Building The Knowledge Network

The knowledge network is the brain of precision medicine, with the informatics power to aggregate all types of biological information into an information commons, stratify it into “layers” of distinct data types, and then discern patterns and connections within and between layers. This process builds a network of knowledge from across disciplines. This new knowledge, in turn, can be visualized and made accessible to researchers and health practitioners.

The knowledge network will pull data out of silos, connecting the wealth of information that already exists from basic molecular research, clinical insights, environmental data and others. The connections and patterns that emerge will suggest testable hypotheses and new conceptual syntheses for researchers, implicate mechanisms of disease for researchers and clinicians, and enable more precise diagnoses and treatments for individual patients. And it will continuously acquire new data – from laboratory experiments and clinical trials to electronic health records and pedometer readings—that will inform our collective understanding of health.

As the network broadens and deepens, a clinician sitting with a patient could access information to help make a tailored assessment, drawing from molecular and demographic datasets, accessing results from patients participating in a recent and related study, connecting that with clinical imaging and behavioral information, and comparing the patient across a population of other patients who are both similar and different. Importantly, building the network is a vast and continuous undertaking, but it need not be complete to contribute in powerful ways. Thus, pilot projects, even on a small scale, can have an impact.

The knowledge network also will enable researchers to interact to share new findings, processes and ideas. Those developing the pilot project are carefully considering provenance: a thorough auditing system will track uploads, downloads and further uses of current data. In addition, the efforts of building the UCSF knowledge network are yielding modular computational tools that can be adapted to a variety of needs and data environments, with an eye to future use by researchers and clinicians with a wide range of needs.

Driving Projects

BCHSI is integrating cooperative computing facilities among dispersed clusters across campus and augmenting them with storage space. The resulting coordination of infrastructure and capabilities enables researchers to better acquire, analyze, store and use large (or small) data sets across hundreds of compute cores on demand.

The Information Commons is a fast, shared repository of UCSF clinical data, clinical notes, related basic science and population data, and supporting tools on Spark, a next generation Apache-based open-source platform developed at UC Berkeley.

The SPOKE (Scalable Precision Medicine Oriented Knowledge Engine) demonstrates the greater Knowledge Network that is at the core of UCSF Precision Medicine.
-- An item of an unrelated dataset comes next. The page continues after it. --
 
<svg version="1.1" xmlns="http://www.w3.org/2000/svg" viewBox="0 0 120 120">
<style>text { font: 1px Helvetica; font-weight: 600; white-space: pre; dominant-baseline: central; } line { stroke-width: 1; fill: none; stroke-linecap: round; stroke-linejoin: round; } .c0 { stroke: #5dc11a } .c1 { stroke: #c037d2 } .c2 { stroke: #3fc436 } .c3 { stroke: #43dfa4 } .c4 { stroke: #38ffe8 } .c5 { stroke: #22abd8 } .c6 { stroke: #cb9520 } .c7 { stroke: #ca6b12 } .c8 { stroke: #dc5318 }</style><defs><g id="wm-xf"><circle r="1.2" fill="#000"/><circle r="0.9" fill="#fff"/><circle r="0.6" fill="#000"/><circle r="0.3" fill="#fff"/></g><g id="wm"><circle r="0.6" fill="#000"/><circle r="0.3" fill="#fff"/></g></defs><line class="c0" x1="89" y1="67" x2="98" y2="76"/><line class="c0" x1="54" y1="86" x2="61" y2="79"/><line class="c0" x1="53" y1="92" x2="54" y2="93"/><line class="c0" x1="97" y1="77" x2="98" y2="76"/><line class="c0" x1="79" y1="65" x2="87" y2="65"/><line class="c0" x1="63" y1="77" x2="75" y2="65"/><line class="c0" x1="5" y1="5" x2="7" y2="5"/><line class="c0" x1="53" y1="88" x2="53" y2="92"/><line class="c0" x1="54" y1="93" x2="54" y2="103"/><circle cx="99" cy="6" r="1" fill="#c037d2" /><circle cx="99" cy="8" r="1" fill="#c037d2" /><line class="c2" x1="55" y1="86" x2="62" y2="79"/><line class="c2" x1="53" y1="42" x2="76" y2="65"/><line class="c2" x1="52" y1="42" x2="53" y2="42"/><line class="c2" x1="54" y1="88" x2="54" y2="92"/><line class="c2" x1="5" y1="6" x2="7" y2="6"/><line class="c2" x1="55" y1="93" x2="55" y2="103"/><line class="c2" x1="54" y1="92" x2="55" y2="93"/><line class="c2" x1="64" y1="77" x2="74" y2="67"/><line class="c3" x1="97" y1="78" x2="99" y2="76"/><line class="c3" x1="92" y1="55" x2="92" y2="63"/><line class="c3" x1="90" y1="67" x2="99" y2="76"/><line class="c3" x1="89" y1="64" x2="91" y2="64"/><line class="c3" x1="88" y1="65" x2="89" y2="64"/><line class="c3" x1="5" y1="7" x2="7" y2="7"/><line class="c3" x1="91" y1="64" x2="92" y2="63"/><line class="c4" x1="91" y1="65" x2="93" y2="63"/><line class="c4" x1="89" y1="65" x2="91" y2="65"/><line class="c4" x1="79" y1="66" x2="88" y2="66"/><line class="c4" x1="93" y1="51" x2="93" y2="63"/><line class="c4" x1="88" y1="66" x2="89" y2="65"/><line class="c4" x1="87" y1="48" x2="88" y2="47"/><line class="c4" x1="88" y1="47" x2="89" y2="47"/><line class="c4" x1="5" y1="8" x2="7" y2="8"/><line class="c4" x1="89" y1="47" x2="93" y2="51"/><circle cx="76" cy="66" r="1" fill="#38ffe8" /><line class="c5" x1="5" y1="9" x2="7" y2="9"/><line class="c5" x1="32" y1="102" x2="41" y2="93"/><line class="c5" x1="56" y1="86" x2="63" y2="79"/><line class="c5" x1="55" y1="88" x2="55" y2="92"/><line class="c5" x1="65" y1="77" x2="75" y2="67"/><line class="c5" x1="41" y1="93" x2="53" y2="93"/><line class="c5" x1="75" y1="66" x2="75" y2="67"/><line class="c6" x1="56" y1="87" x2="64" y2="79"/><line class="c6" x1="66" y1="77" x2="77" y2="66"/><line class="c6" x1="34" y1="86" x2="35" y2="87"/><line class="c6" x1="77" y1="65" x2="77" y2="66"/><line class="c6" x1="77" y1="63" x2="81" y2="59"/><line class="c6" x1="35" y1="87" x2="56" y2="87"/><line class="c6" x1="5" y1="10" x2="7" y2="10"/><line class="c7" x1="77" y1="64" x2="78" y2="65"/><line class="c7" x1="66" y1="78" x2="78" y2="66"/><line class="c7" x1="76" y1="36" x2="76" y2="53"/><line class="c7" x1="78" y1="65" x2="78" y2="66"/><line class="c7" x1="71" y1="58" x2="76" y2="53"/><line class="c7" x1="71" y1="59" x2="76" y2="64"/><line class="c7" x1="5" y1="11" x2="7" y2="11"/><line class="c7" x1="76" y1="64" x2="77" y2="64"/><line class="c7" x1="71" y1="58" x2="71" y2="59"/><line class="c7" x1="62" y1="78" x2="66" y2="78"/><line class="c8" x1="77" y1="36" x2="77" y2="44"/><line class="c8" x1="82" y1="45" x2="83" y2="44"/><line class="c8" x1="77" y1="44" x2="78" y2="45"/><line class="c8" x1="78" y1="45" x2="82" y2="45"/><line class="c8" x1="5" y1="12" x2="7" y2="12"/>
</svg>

It mirrors the very nature of biomedical and health pathways, with millions of entity types including gene, protein, organ, disease condition, drug compounds and side effects – built up from dozens of reference repositories as well as from UCSF clinical evidence.

This pilot of precision medicine at the UCSF Memory and Aging Center is the core technology of the Knowledge Network being developed at UCSF. KNECT is focused on providing new data-driven analyses of brain function in patients with neurodegenerative conditions by combining data gathered on one group of patients by researchers of different disciplines. Via an easy-to-use dashboard, it allows clinicians from different fields to upload and make meaning of diverse datasets. Doctors and patients can then discuss those visualized data analyses together.